李密長老心中歡喜,趕忙說道:“多謝、多謝……”
我卻說道:“用不著道謝,我隻是換個地方休息而已……”
在一眾人等的錯愕目光注視下,我與虎子走出了這棟木樓,去附近找了一個茅棚,掏出了睡袋,直接進去休息。caso.
在整理睡袋的過程中,虎子朝著外麵望了一眼,對我說道:“秀哥,他們分了一半,去找人了……”
我看了他一眼,說:“趕了一天路,不累?”
虎子撓了撓頭,說:“累。”
我說:“那就抓緊時間休息,明天還有事情要做呢……”
虎子沒有再說什麼,鑽入睡袋,沒過一會兒,就開始鼾聲如雷起來。
我沒有睡,而是盤腿打坐,沒過多久,就入定了去。
……
時間不知道過了多久,入定之中的我,突然間睜開了眼睛。
過了一會兒,我站起身,來到屋外。
門口這兒,蘇嶽西卻是再次等待——這會兒差不多是六點多的清晨,天剛亮,而他一身晨露,似乎待了有一段時間……

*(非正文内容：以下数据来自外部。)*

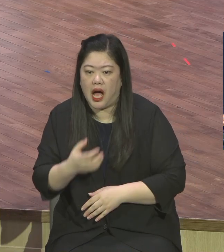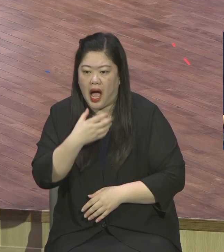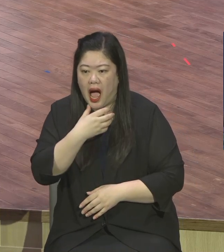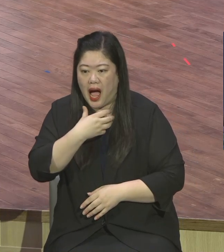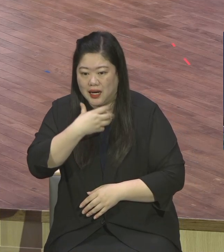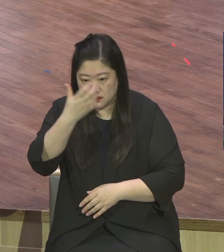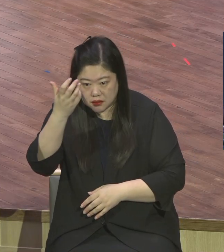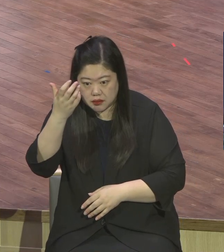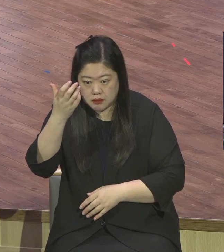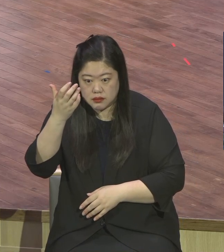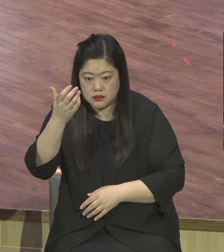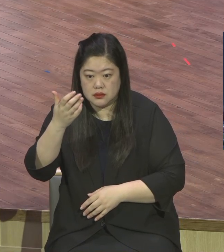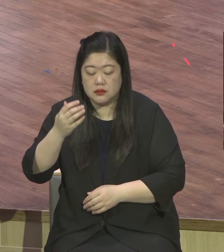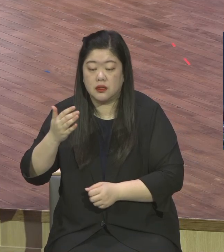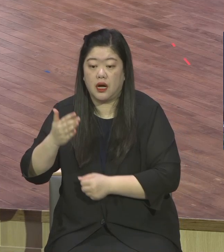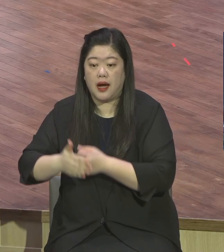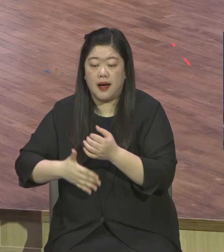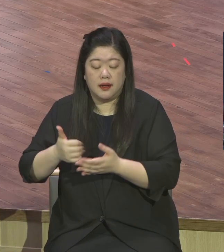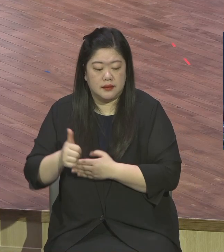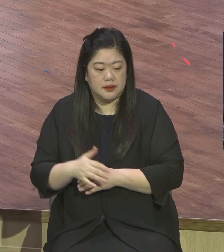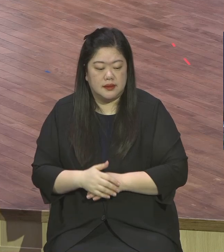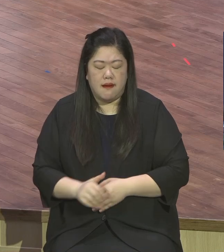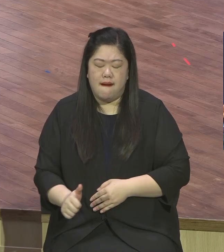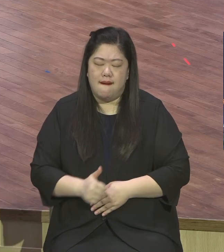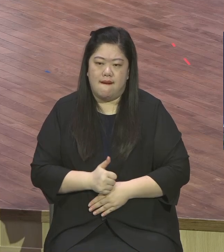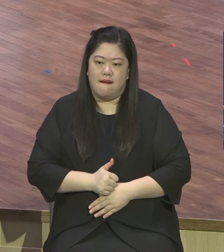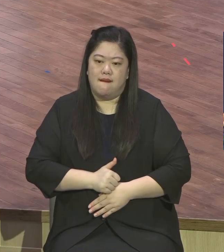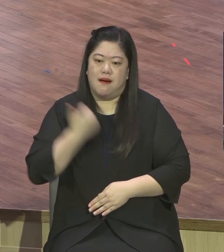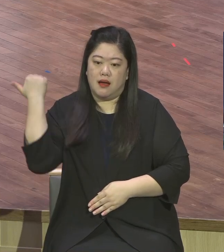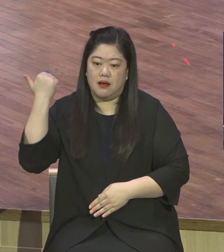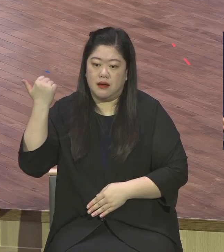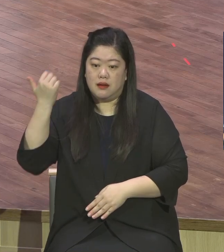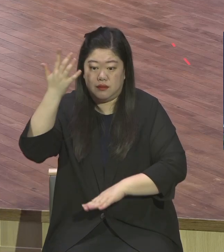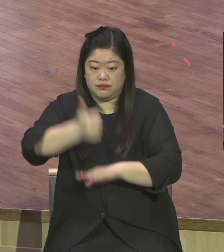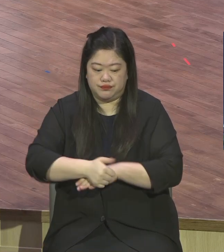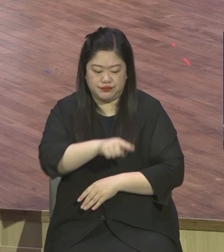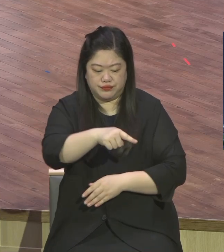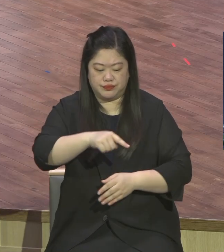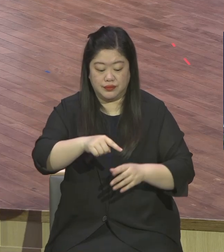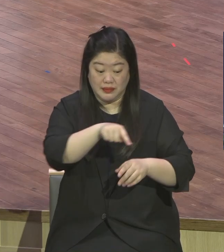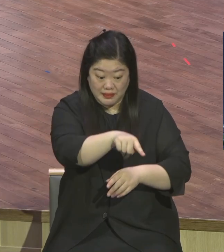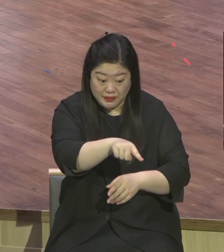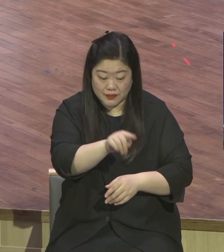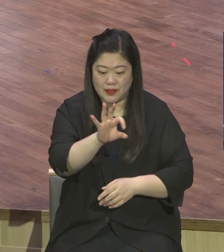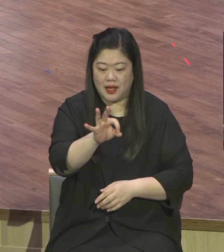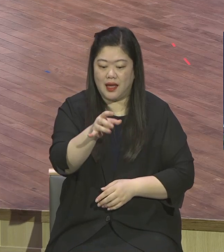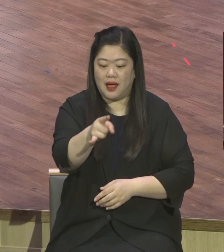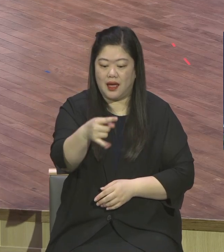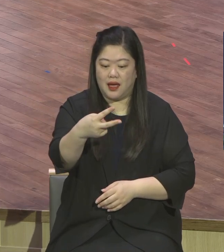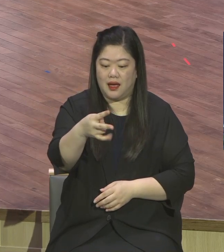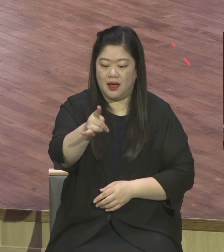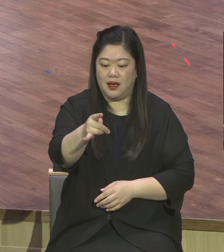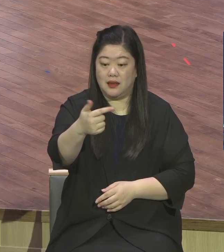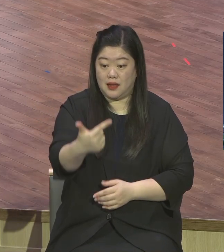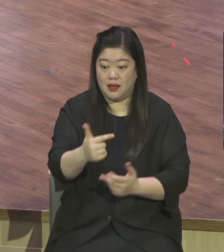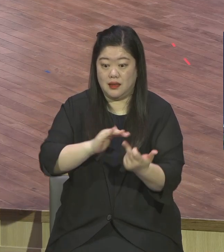따라가 마귀 시기는 들었어 하나님은 올 수가 없어 그때부터 온갖 죽음과
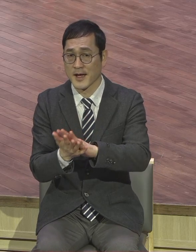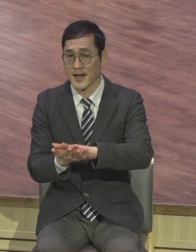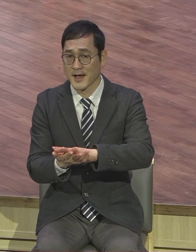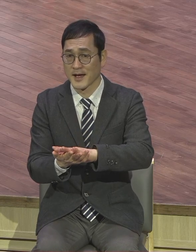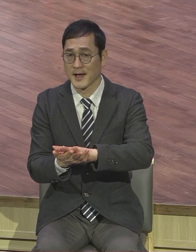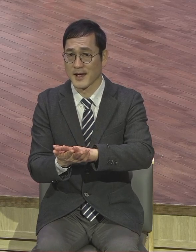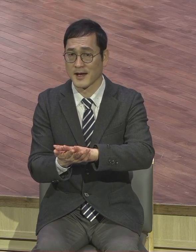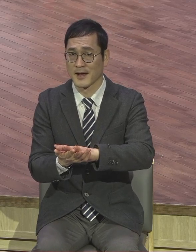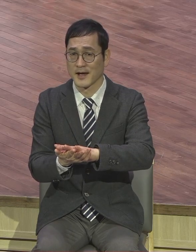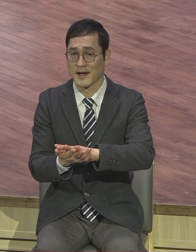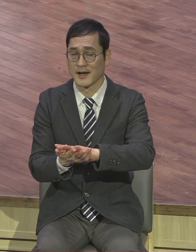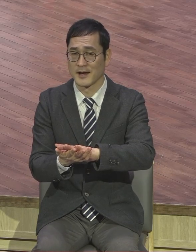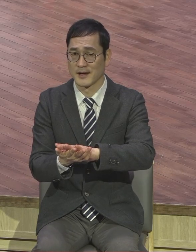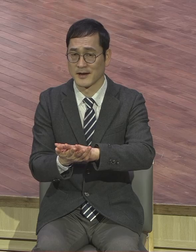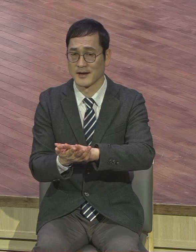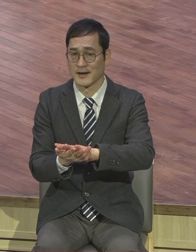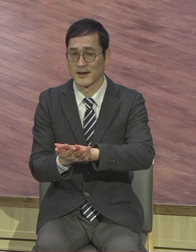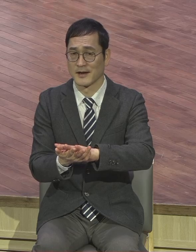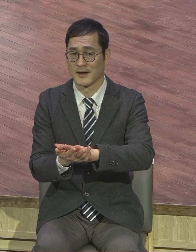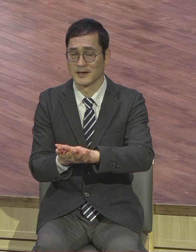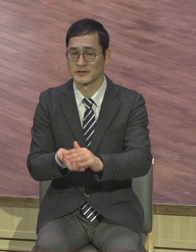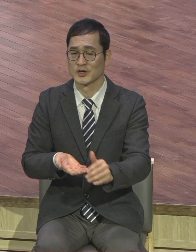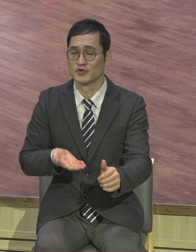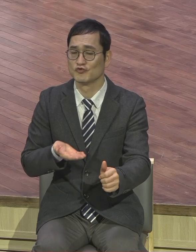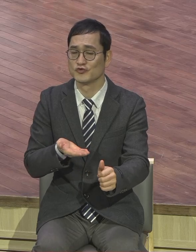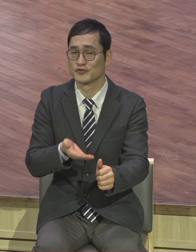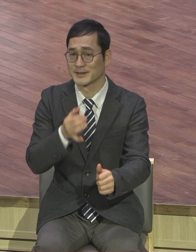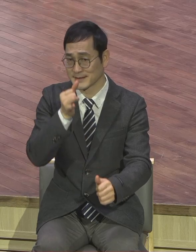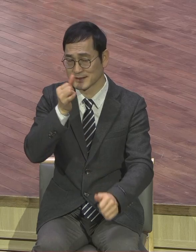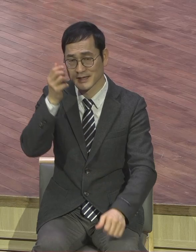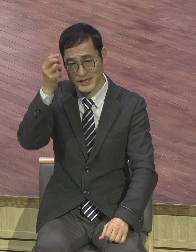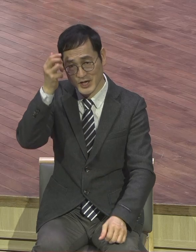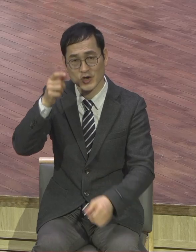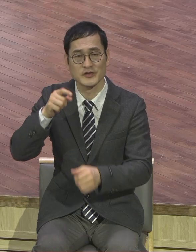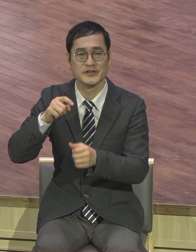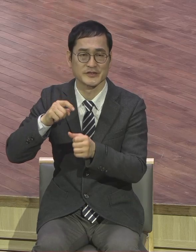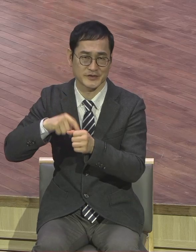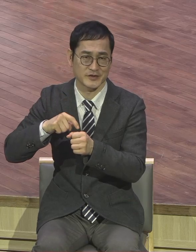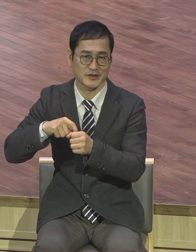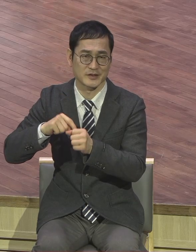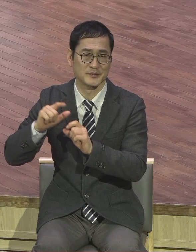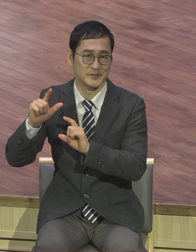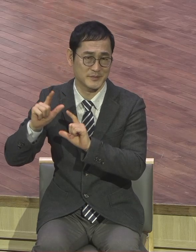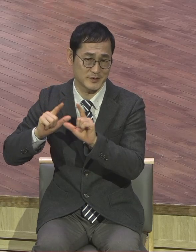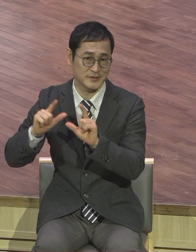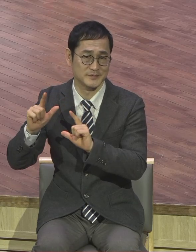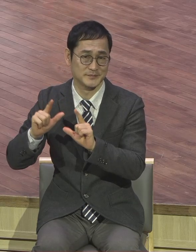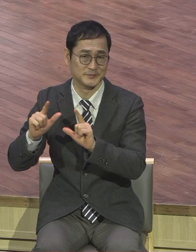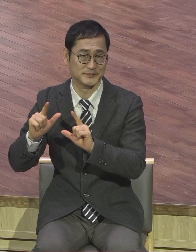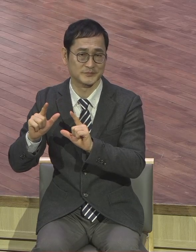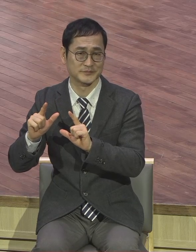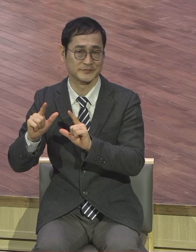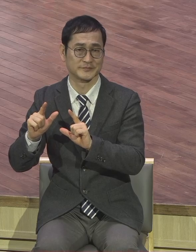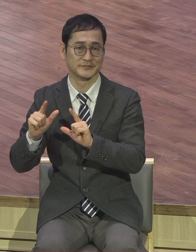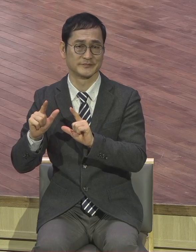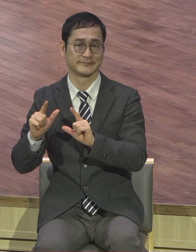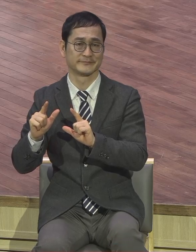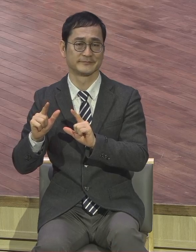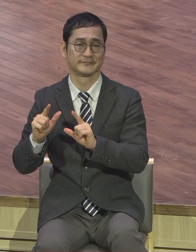사람에게 직분을 주는 겁니다. 왜? 변화시키는 거니까. 계속 자라갈 거니까. 자라지 않는 사람은

看著在我門口待著許久的蘇嶽西,我眉頭皺了一下,問:“何事?”
蘇嶽西客氣地說:“早……”
我擺了擺手,說:“有事說事。”
蘇嶽西知曉我因為昨夜李密長老假借少年阿苦之手,對我們進行道德綁架的行為很是不滿,姿態擺得很低。
他告訴我,說下半夜的時候,已經找到了李濤。
確切的說,不是找到李濤……
而是他自己回來了。
但段家小姐沒回。
據李濤說,他們碰到了幾個非常厲害的白衣人。
那些白衣人到底有多厲害呢?
他與段家小姐,在滇南一帶,小有名氣,實力很是突出,算得上是年輕一輩的頂尖了吧?
但是在那幾個白衣人麵前,根本沒有還手之力。
幾乎一個照麵,直接就落入了下風。
段家小姐被人擄走,而他則是借助著家傳的傀儡符,替身而死,自己慌張逃回……
聽完蘇嶽西的講述,我不置可否,問:“在哪兒出的事?”
蘇嶽西說:“饅頭山一帶……”
我點了點頭,說:“知道了。”
我轉身,準備回屋,那蘇嶽西卻顯然是受人所托而來,忍不住走前一步,喊了一句:“許秀……先生……”
旁邊沒有外人,他直接稱呼我真名。
我回過頭來,看了他一眼。
蘇嶽西雖然早就籌措了語言,但這會兒卻還是有點兒尷尬,與我說道:“那啥,相逢即是有緣……”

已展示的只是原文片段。